* ASSIGNMENT: Repeat every record exactly.

* Extracted records:
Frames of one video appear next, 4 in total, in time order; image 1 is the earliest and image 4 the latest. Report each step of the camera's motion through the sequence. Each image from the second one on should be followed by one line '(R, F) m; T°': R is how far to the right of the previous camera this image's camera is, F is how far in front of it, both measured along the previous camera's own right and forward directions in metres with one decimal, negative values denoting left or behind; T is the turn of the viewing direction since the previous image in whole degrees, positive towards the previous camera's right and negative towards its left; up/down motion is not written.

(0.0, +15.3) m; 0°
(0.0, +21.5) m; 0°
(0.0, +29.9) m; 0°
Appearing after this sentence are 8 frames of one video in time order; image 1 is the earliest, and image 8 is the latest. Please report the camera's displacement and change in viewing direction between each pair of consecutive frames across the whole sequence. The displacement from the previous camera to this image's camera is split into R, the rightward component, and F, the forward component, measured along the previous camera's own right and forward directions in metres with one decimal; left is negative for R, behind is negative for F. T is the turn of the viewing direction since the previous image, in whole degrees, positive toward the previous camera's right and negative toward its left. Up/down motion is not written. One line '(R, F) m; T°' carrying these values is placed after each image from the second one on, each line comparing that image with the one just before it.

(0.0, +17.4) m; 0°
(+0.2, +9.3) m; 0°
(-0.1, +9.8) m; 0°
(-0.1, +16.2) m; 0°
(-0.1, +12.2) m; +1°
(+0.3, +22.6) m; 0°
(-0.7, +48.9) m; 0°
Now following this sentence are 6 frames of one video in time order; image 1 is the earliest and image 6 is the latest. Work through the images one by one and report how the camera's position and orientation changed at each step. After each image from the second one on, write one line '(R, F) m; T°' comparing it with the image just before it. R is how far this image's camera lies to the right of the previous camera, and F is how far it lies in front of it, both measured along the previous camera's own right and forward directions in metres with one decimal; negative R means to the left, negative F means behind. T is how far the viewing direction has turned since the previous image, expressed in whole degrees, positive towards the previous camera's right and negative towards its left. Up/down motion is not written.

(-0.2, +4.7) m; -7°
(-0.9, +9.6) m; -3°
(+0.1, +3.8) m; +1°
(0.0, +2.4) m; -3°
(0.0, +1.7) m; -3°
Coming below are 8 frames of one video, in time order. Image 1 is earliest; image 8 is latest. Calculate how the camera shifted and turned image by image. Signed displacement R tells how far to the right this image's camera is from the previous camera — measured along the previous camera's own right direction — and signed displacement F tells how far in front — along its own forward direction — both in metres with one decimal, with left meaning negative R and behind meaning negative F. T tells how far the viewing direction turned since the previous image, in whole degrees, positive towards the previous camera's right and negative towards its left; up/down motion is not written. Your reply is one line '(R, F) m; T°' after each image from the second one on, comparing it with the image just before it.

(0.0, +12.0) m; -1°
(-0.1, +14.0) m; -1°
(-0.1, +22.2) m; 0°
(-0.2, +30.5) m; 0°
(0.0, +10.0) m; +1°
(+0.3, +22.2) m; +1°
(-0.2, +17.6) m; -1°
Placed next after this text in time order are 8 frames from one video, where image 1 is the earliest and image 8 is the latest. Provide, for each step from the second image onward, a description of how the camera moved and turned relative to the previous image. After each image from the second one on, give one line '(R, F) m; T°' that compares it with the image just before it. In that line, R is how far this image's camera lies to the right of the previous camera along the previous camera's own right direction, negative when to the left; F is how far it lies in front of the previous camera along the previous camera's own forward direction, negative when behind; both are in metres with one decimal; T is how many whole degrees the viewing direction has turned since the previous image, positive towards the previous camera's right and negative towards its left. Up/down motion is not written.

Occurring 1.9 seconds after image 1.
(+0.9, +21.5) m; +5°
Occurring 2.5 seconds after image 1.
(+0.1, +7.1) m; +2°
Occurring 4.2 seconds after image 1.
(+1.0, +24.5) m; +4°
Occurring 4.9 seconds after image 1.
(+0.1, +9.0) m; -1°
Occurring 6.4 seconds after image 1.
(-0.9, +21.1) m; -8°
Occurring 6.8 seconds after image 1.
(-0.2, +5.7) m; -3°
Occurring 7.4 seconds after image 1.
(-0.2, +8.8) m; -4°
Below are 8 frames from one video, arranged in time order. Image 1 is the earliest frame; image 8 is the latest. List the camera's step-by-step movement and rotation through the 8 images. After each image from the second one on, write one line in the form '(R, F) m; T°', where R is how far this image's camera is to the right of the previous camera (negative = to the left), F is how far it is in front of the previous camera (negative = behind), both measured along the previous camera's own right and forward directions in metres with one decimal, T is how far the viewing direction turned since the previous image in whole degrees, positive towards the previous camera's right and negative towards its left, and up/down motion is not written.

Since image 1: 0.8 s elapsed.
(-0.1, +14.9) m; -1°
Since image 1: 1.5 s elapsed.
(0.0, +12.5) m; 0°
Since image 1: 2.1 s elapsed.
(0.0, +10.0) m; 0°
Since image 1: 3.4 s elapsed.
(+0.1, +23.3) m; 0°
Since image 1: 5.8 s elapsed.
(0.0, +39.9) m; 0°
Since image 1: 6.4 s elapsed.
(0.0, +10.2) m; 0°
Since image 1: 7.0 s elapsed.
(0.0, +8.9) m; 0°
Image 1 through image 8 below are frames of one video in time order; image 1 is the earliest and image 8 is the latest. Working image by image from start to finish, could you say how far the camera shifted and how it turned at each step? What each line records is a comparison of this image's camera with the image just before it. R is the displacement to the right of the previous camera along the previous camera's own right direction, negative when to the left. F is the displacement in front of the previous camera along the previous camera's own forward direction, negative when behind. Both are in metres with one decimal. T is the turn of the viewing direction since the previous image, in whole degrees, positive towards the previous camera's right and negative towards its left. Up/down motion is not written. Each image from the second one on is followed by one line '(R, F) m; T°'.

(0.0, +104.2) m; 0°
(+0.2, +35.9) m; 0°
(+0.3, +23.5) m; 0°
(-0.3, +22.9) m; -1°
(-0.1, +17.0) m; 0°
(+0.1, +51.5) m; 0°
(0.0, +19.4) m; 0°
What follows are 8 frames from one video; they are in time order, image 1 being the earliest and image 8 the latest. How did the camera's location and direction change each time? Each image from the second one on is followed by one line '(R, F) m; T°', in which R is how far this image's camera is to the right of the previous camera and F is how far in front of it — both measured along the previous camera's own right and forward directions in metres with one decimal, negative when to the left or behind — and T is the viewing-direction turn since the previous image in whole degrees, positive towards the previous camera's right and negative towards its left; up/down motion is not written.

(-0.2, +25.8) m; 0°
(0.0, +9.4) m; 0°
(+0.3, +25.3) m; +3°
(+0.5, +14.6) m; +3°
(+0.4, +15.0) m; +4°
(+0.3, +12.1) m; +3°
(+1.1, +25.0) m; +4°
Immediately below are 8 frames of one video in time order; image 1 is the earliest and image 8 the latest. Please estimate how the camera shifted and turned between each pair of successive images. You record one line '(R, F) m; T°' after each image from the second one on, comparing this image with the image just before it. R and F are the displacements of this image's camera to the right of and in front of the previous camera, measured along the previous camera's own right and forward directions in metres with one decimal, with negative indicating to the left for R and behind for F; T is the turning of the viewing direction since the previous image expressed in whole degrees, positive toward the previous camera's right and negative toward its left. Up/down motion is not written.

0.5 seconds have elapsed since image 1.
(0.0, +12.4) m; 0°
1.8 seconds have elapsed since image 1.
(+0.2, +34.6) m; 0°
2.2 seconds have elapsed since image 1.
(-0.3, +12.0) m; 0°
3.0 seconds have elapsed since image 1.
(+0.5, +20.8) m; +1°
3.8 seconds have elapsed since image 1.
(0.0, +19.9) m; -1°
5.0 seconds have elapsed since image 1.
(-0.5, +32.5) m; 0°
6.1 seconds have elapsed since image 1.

* ANSWER BOX:
Frames of one video appear next, 4 in total, in time order; image 1 is the earliest and image 4 the latest. Report each step of the camera's motion through the sequence. Each image from the second one on should be followed by one line '(R, F) m; T°': R is how far to the right of the previous camera this image's camera is, F is how far in front of it, both measured along the previous camera's own right and forward directions in metres with one decimal, negative values denoting left or behind; T is the turn of the viewing direction since the previous image in whole degrees, positive towards the previous camera's right and negative towards its left; up/down motion is not written.

(0.0, +15.3) m; 0°
(0.0, +21.5) m; 0°
(0.0, +29.9) m; 0°
Appearing after this sentence are 8 frames of one video in time order; image 1 is the earliest, and image 8 is the latest. Please report the camera's displacement and change in viewing direction between each pair of consecutive frames across the whole sequence. The displacement from the previous camera to this image's camera is split into R, the rightward component, and F, the forward component, measured along the previous camera's own right and forward directions in metres with one decimal; left is negative for R, behind is negative for F. T is the turn of the viewing direction since the previous image, in whole degrees, positive toward the previous camera's right and negative toward its left. Up/down motion is not written. One line '(R, F) m; T°' carrying these values is placed after each image from the second one on, each line comparing that image with the one just before it.

(0.0, +17.4) m; 0°
(+0.2, +9.3) m; 0°
(-0.1, +9.8) m; 0°
(-0.1, +16.2) m; 0°
(-0.1, +12.2) m; +1°
(+0.3, +22.6) m; 0°
(-0.7, +48.9) m; 0°
Now following this sentence are 6 frames of one video in time order; image 1 is the earliest and image 6 is the latest. Work through the images one by one and report how the camera's position and orientation changed at each step. After each image from the second one on, write one line '(R, F) m; T°' comparing it with the image just before it. R is how far this image's camera lies to the right of the previous camera, and F is how far it lies in front of it, both measured along the previous camera's own right and forward directions in metres with one decimal; negative R means to the left, negative F means behind. T is how far the viewing direction has turned since the previous image, expressed in whole degrees, positive towards the previous camera's right and negative towards its left. Up/down motion is not written.

(-0.2, +4.7) m; -7°
(-0.9, +9.6) m; -3°
(+0.1, +3.8) m; +1°
(0.0, +2.4) m; -3°
(0.0, +1.7) m; -3°
Coming below are 8 frames of one video, in time order. Image 1 is earliest; image 8 is latest. Calculate how the camera shifted and turned image by image. Signed displacement R tells how far to the right this image's camera is from the previous camera — measured along the previous camera's own right direction — and signed displacement F tells how far in front — along its own forward direction — both in metres with one decimal, with left meaning negative R and behind meaning negative F. T tells how far the viewing direction turned since the previous image, in whole degrees, positive towards the previous camera's right and negative towards its left; up/down motion is not written. Your reply is one line '(R, F) m; T°' after each image from the second one on, comparing it with the image just before it.

(0.0, +12.0) m; -1°
(-0.1, +14.0) m; -1°
(-0.1, +22.2) m; 0°
(-0.2, +30.5) m; 0°
(0.0, +10.0) m; +1°
(+0.3, +22.2) m; +1°
(-0.2, +17.6) m; -1°
Placed next after this text in time order are 8 frames from one video, where image 1 is the earliest and image 8 is the latest. Provide, for each step from the second image onward, a description of how the camera moved and turned relative to the previous image. After each image from the second one on, give one line '(R, F) m; T°' that compares it with the image just before it. In that line, R is how far this image's camera lies to the right of the previous camera along the previous camera's own right direction, negative when to the left; F is how far it lies in front of the previous camera along the previous camera's own forward direction, negative when behind; both are in metres with one decimal; T is how many whole degrees the viewing direction has turned since the previous image, positive towards the previous camera's right and negative towards its left. Up/down motion is not written.

Occurring 1.9 seconds after image 1.
(+0.9, +21.5) m; +5°
Occurring 2.5 seconds after image 1.
(+0.1, +7.1) m; +2°
Occurring 4.2 seconds after image 1.
(+1.0, +24.5) m; +4°
Occurring 4.9 seconds after image 1.
(+0.1, +9.0) m; -1°
Occurring 6.4 seconds after image 1.
(-0.9, +21.1) m; -8°
Occurring 6.8 seconds after image 1.
(-0.2, +5.7) m; -3°
Occurring 7.4 seconds after image 1.
(-0.2, +8.8) m; -4°
Below are 8 frames from one video, arranged in time order. Image 1 is the earliest frame; image 8 is the latest. List the camera's step-by-step movement and rotation through the 8 images. After each image from the second one on, write one line in the form '(R, F) m; T°', where R is how far this image's camera is to the right of the previous camera (negative = to the left), F is how far it is in front of the previous camera (negative = behind), both measured along the previous camera's own right and forward directions in metres with one decimal, T is how far the viewing direction turned since the previous image in whole degrees, positive towards the previous camera's right and negative towards its left, and up/down motion is not written.

Since image 1: 0.8 s elapsed.
(-0.1, +14.9) m; -1°
Since image 1: 1.5 s elapsed.
(0.0, +12.5) m; 0°
Since image 1: 2.1 s elapsed.
(0.0, +10.0) m; 0°
Since image 1: 3.4 s elapsed.
(+0.1, +23.3) m; 0°
Since image 1: 5.8 s elapsed.
(0.0, +39.9) m; 0°
Since image 1: 6.4 s elapsed.
(0.0, +10.2) m; 0°
Since image 1: 7.0 s elapsed.
(0.0, +8.9) m; 0°
Image 1 through image 8 below are frames of one video in time order; image 1 is the earliest and image 8 is the latest. Working image by image from start to finish, could you say how far the camera shifted and how it turned at each step? What each line records is a comparison of this image's camera with the image just before it. R is the displacement to the right of the previous camera along the previous camera's own right direction, negative when to the left. F is the displacement in front of the previous camera along the previous camera's own forward direction, negative when behind. Both are in metres with one decimal. T is the turn of the viewing direction since the previous image, in whole degrees, positive towards the previous camera's right and negative towards its left. Up/down motion is not written. Each image from the second one on is followed by one line '(R, F) m; T°'.

(0.0, +104.2) m; 0°
(+0.2, +35.9) m; 0°
(+0.3, +23.5) m; 0°
(-0.3, +22.9) m; -1°
(-0.1, +17.0) m; 0°
(+0.1, +51.5) m; 0°
(0.0, +19.4) m; 0°
What follows are 8 frames from one video; they are in time order, image 1 being the earliest and image 8 the latest. How did the camera's location and direction change each time? Each image from the second one on is followed by one line '(R, F) m; T°', in which R is how far this image's camera is to the right of the previous camera and F is how far in front of it — both measured along the previous camera's own right and forward directions in metres with one decimal, negative when to the left or behind — and T is the viewing-direction turn since the previous image in whole degrees, positive towards the previous camera's right and negative towards its left; up/down motion is not written.

(-0.2, +25.8) m; 0°
(0.0, +9.4) m; 0°
(+0.3, +25.3) m; +3°
(+0.5, +14.6) m; +3°
(+0.4, +15.0) m; +4°
(+0.3, +12.1) m; +3°
(+1.1, +25.0) m; +4°
Immediately below are 8 frames of one video in time order; image 1 is the earliest and image 8 the latest. Please estimate how the camera shifted and turned between each pair of successive images. You record one line '(R, F) m; T°' after each image from the second one on, comparing this image with the image just before it. R and F are the displacements of this image's camera to the right of and in front of the previous camera, measured along the previous camera's own right and forward directions in metres with one decimal, with negative indicating to the left for R and behind for F; T is the turning of the viewing direction since the previous image expressed in whole degrees, positive toward the previous camera's right and negative toward its left. Up/down motion is not written.

0.5 seconds have elapsed since image 1.
(0.0, +12.4) m; 0°
1.8 seconds have elapsed since image 1.
(+0.2, +34.6) m; 0°
2.2 seconds have elapsed since image 1.
(-0.3, +12.0) m; 0°
3.0 seconds have elapsed since image 1.
(+0.5, +20.8) m; +1°
3.8 seconds have elapsed since image 1.
(0.0, +19.9) m; -1°
5.0 seconds have elapsed since image 1.
(-0.5, +32.5) m; 0°
6.1 seconds have elapsed since image 1.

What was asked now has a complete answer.